Les ministres ont aussi eu jeudi, au cours du déjeuner, une discussion sur le refus de l'Iran de prendre en considération le paquet de propositions que l'UE leur a offert le 5 août dernier en vue de le dissuader de poursuivre ses activités nucléaires sensibles (EUROPE n° 9006). Alors que l'on ne s'attendait pas à une déclaration formelle à ce sujet, l'entourage de Javier Solana soulignait jeudi après-midi la volonté des ministres d'envoyer néanmoins un « message très clair » à Téhéran: si l'Iran n'accepte pas l'« excellent » paquet européen, la récente reprise des activités nucléaires sensibles constituerait une violation de l'accord de Paris, ce qui aurait pour conséquence que l'UE soutiendrait l'Agence internationale de l'énergie atomique (AIEA) au cas où celle-ci déciderait de porter l'affaire devant le Conseil de sécurité.
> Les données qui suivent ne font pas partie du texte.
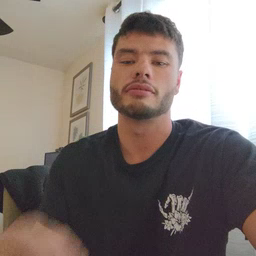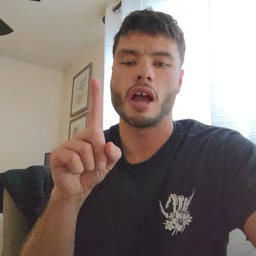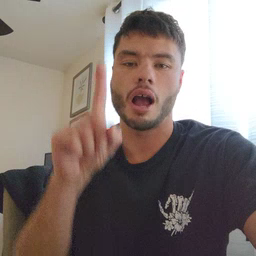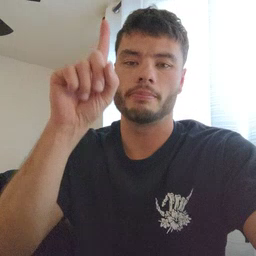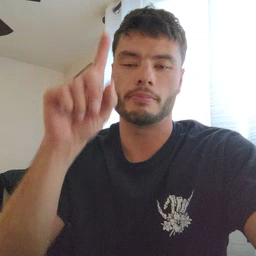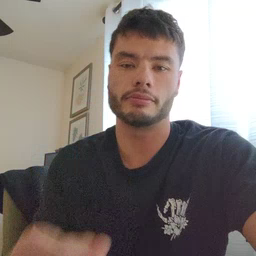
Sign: up
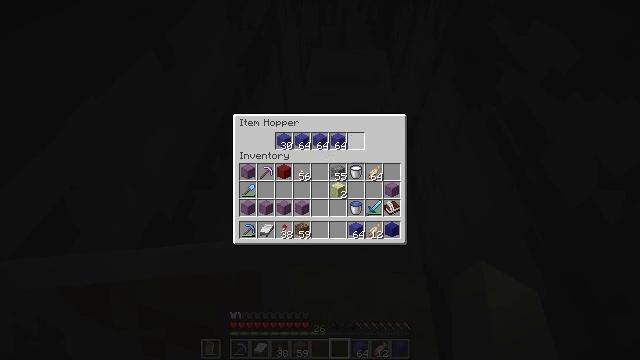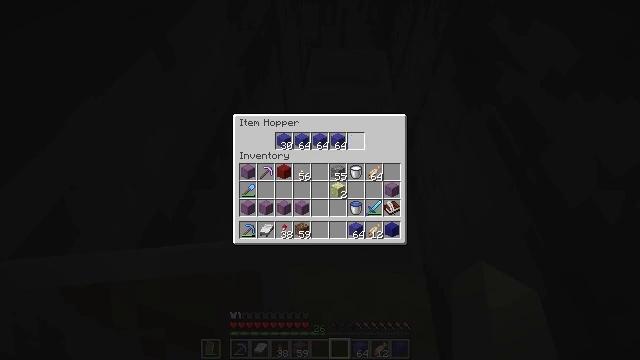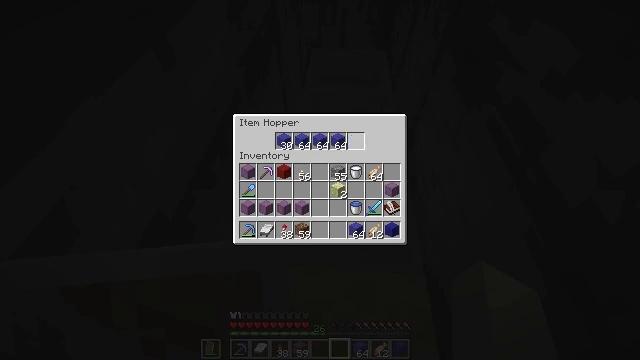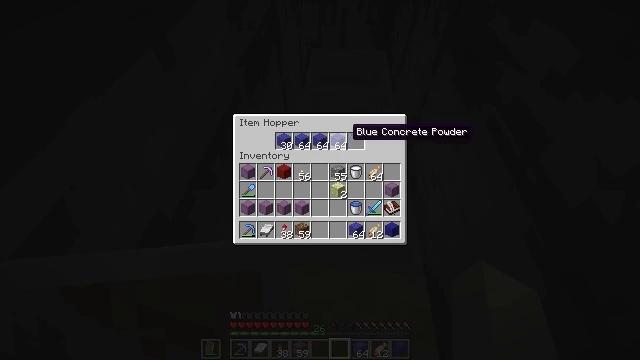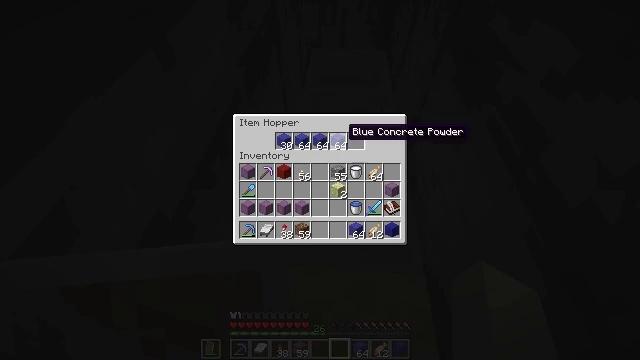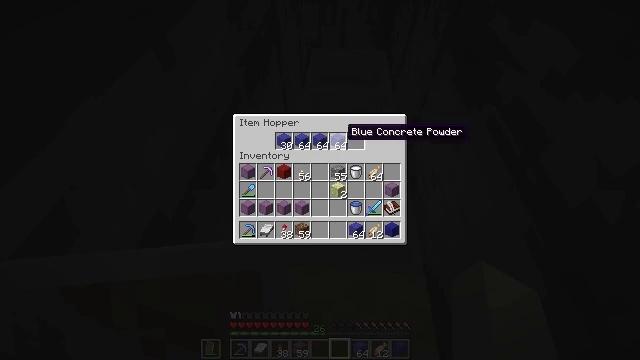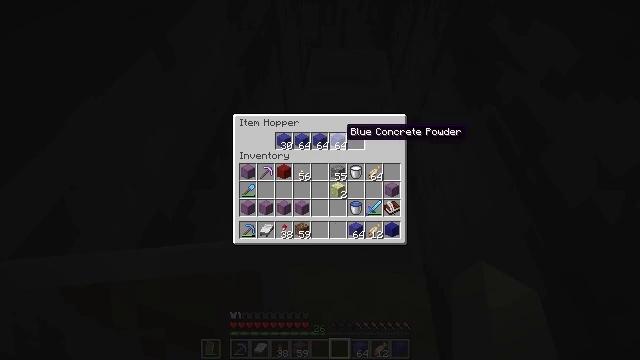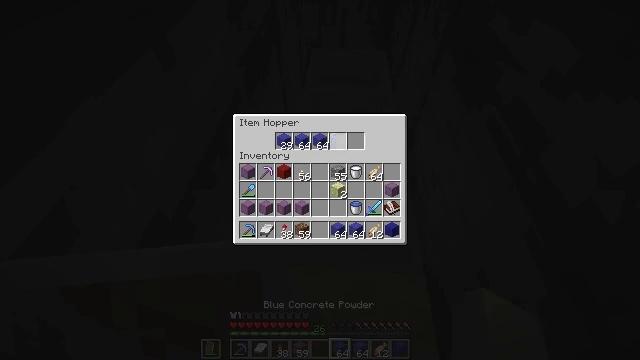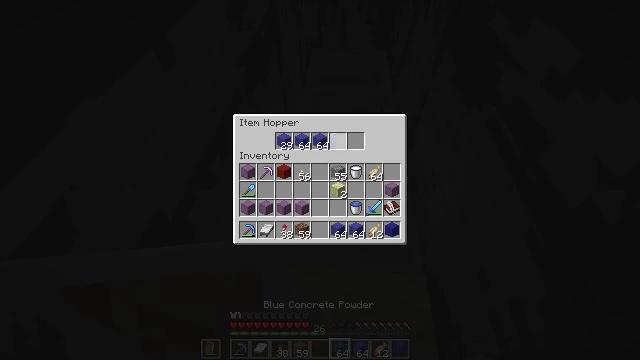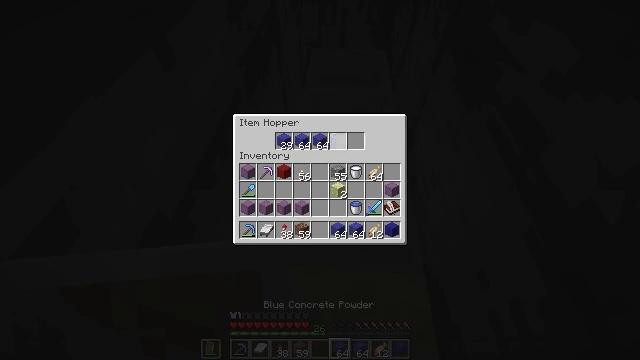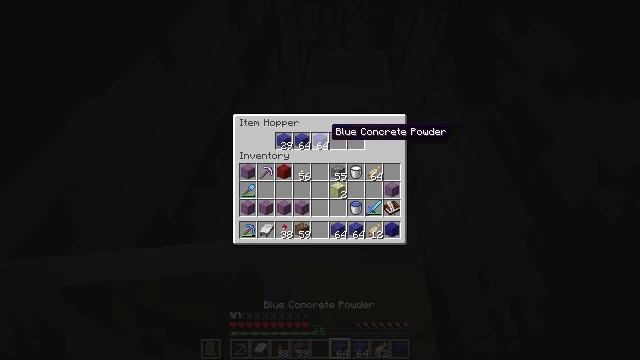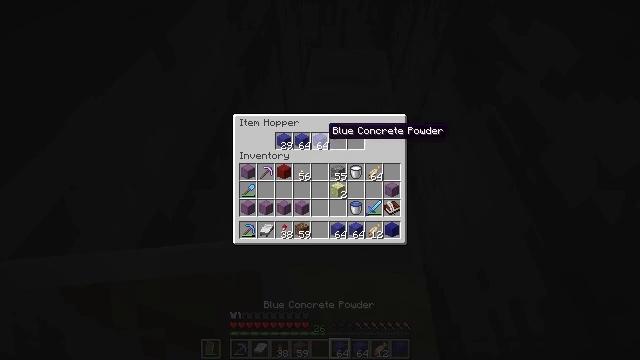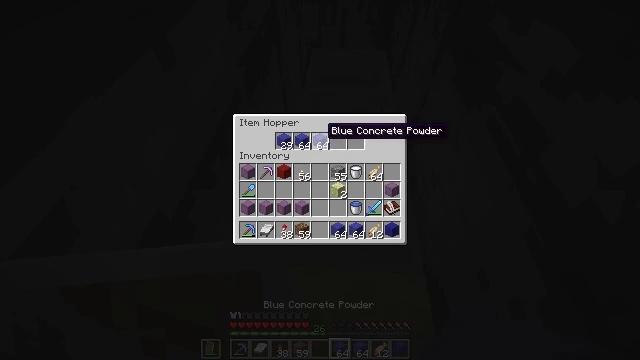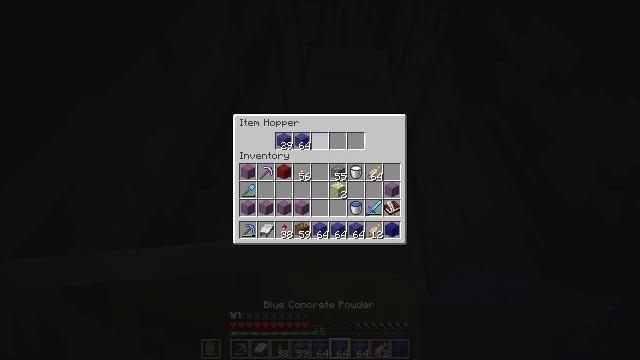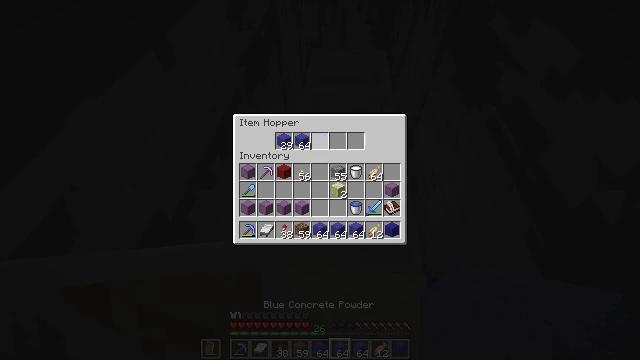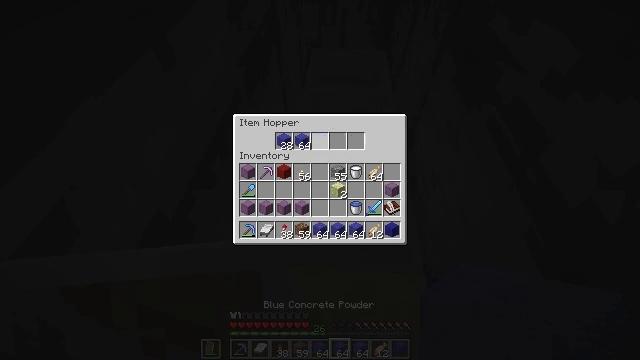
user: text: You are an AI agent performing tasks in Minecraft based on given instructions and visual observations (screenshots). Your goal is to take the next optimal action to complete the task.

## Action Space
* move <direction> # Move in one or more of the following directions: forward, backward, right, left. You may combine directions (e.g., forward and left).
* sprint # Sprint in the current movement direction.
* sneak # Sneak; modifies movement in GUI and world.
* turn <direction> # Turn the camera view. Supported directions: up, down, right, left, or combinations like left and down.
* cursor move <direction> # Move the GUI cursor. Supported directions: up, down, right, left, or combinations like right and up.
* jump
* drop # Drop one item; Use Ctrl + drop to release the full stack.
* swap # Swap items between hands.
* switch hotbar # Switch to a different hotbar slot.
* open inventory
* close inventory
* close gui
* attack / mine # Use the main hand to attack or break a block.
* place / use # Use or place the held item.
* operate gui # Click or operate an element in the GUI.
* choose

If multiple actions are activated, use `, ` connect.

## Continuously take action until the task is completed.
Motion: motion action
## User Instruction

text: Break the red concrete powder to collect it.
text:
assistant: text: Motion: sneak, choose
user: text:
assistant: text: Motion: sneak, choose
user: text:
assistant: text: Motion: sneak, cursor move left
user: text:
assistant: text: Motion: sneak
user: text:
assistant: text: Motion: sneak
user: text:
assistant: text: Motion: sneak
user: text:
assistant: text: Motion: sneak, choose
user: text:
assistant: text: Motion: sneak, choose
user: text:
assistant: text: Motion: sneak, cursor move left
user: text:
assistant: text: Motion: sneak
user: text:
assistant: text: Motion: sneak
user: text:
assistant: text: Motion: sneak
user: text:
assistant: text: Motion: sneak, choose
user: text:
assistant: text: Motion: sneak, choose
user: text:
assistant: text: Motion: sneak, choose
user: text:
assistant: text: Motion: sneak, cursor move left
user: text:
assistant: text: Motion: sneak
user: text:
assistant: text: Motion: sneak
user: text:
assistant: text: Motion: sneak
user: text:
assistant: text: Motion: sneak, choose
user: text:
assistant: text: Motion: sneak, choose
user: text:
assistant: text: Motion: sneak, choose
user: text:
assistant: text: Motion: sneak
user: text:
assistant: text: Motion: sneak
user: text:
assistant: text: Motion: sneak
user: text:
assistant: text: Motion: sneak
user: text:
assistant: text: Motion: sneak, choose
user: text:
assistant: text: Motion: sneak, choose
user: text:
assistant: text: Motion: sneak, choose
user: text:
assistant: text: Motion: sneak
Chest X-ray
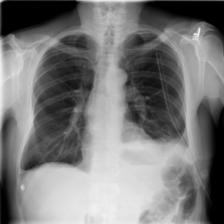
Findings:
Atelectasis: positive
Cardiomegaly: negative
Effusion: positive
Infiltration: negative
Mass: negative
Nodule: negative
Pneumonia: negative
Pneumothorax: positive
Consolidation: negative
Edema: negative
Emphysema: negative
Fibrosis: negative
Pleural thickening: negative
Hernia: negative
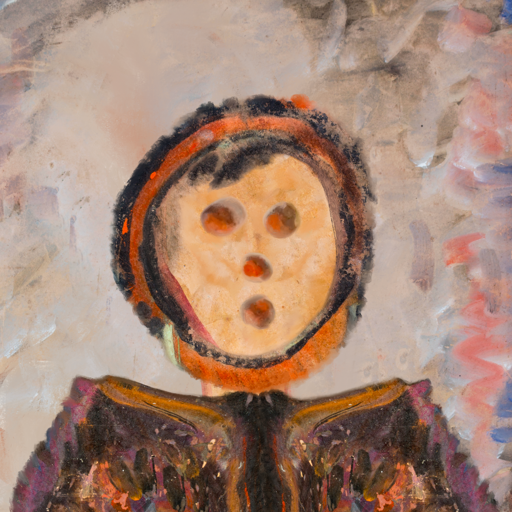
Background: Roy_Bahadur, Head And Neck Front: Childish, Face Front: Rupkatha, Bust: Gypsy_Queen, Hair Front: Childish, Head Accessory: Blank, Second Necklace: Blank, Necklace: Blank, Baby: Blank
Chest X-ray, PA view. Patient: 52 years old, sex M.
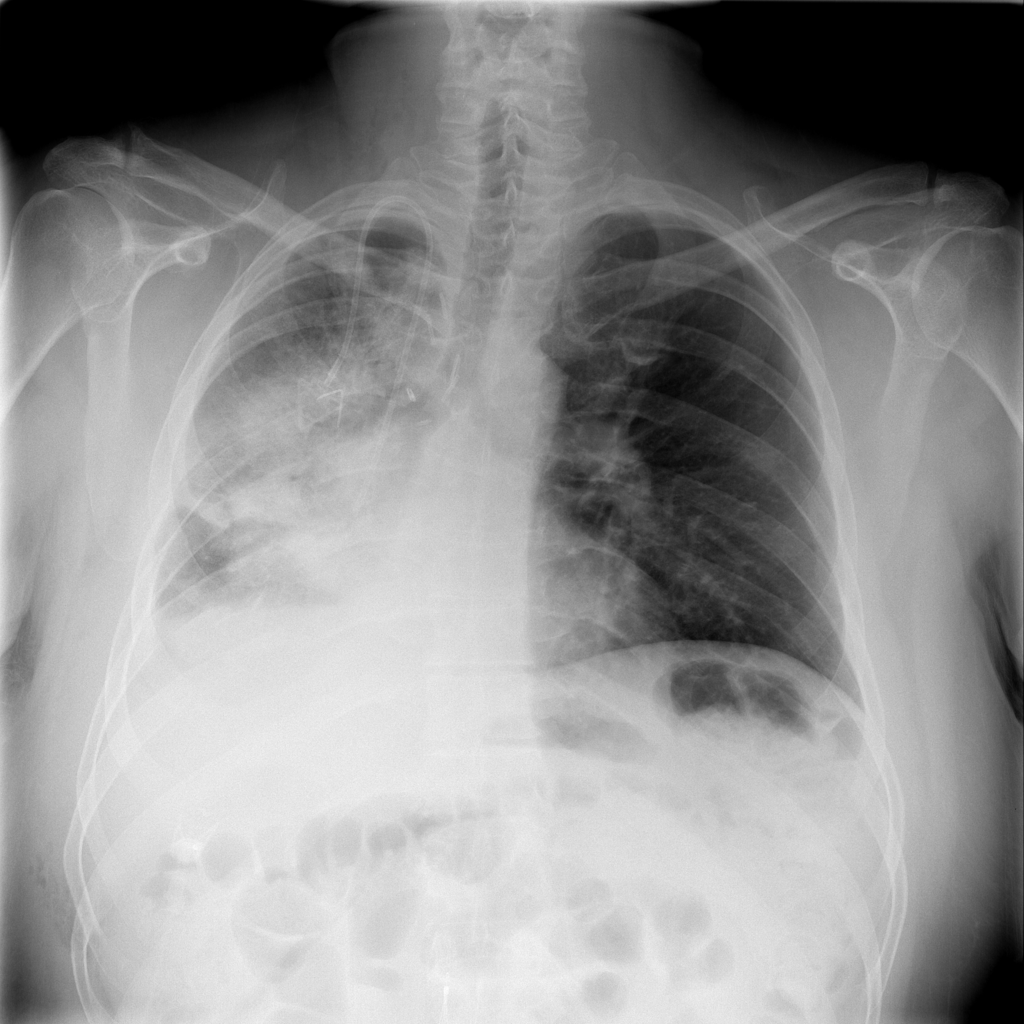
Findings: Effusion, Infiltration, Pneumonia
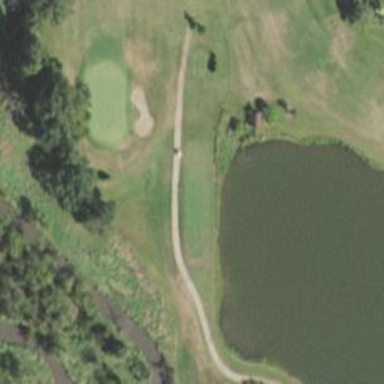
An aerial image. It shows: Golf tee.
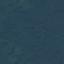
Label: Forest
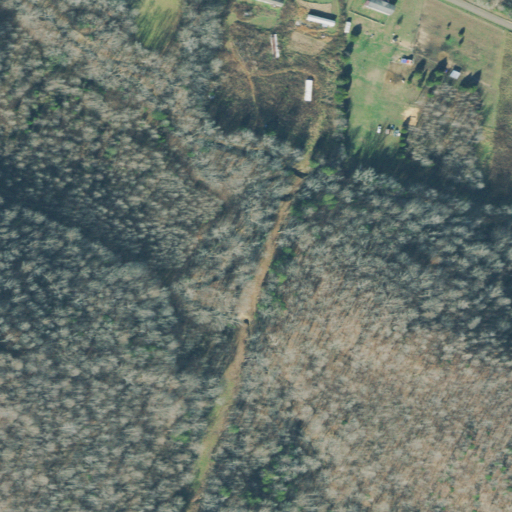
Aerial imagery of valley in Tennessee named Tune Hollow containing deciduous forest, pasture, open development, low intensity development, and evergreen forest
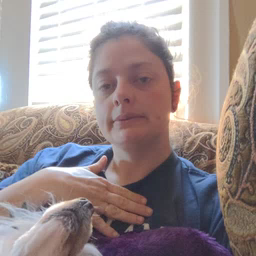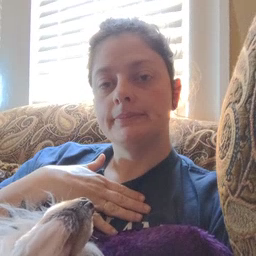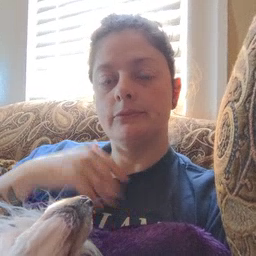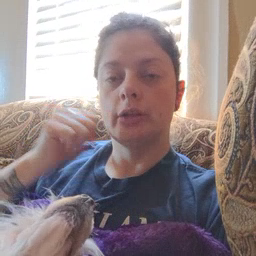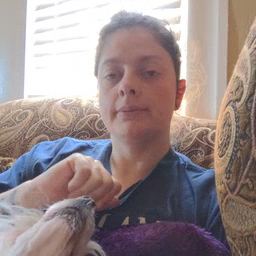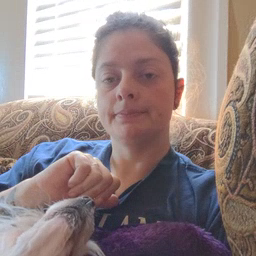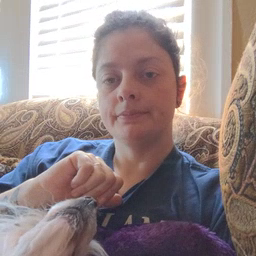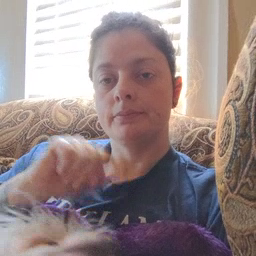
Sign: jacket
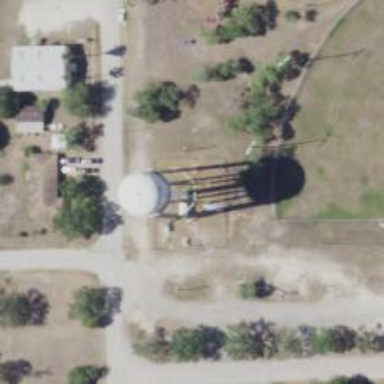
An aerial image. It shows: Water tower that is man-made.
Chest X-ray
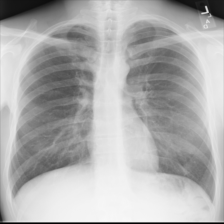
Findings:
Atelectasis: negative
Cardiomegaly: negative
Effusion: negative
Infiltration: negative
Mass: negative
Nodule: negative
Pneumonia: negative
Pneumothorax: negative
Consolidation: negative
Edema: negative
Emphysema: negative
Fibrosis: negative
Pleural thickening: positive
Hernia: negative
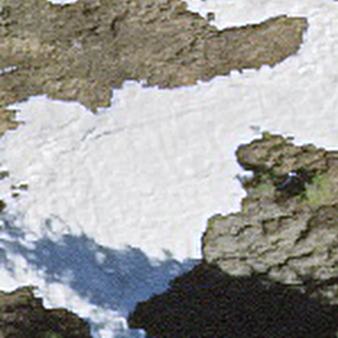
Label: other
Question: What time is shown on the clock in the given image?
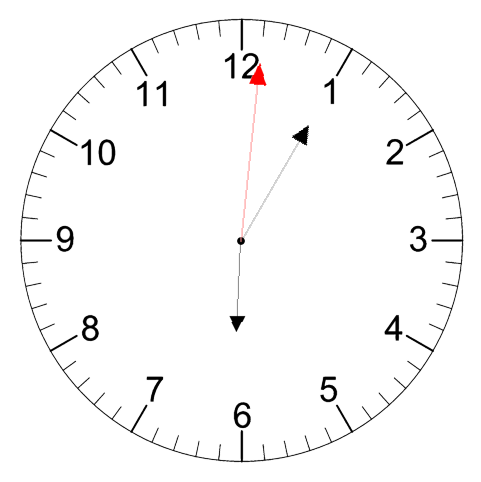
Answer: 06:05:01
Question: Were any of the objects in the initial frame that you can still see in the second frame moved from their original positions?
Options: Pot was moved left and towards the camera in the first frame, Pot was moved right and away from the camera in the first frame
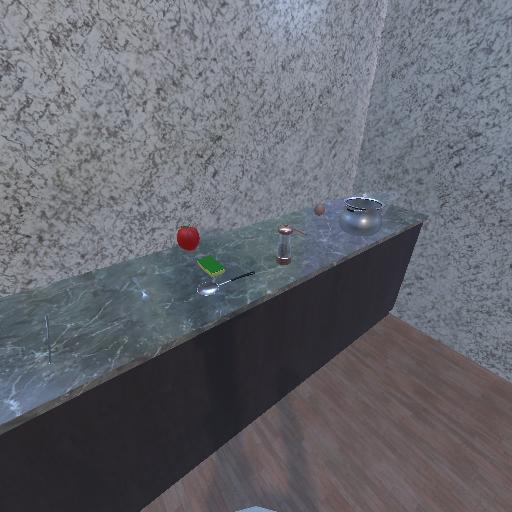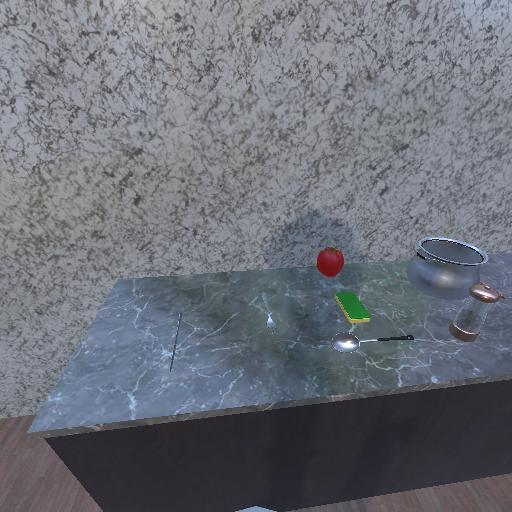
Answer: Pot was moved left and towards the camera in the first frame
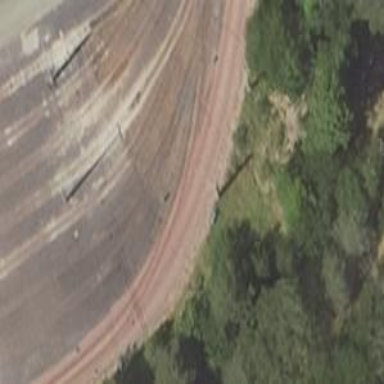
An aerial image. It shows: Tram railway yard with electrified contact lines.
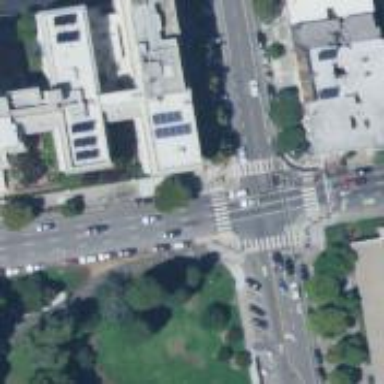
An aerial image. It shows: Zebra crossing on the road.

Il appartiendra au Conseil des gouverneurs de l'AIEA de prendre une telle décision, mais elle aura le soutien unanime de l'UE si Téhéran ne revient pas sur sa position.
A la demande de la Pologne et des pays baltes, les ministres ont aussi eu un bref échange de vues sur la situation de la minorité polonaise en Bélarus, ainsi que sur la Russie, notamment sur les accords frontaliers avec la Lettonie et l'Estonie que Moscou refuse toujours de ratifier.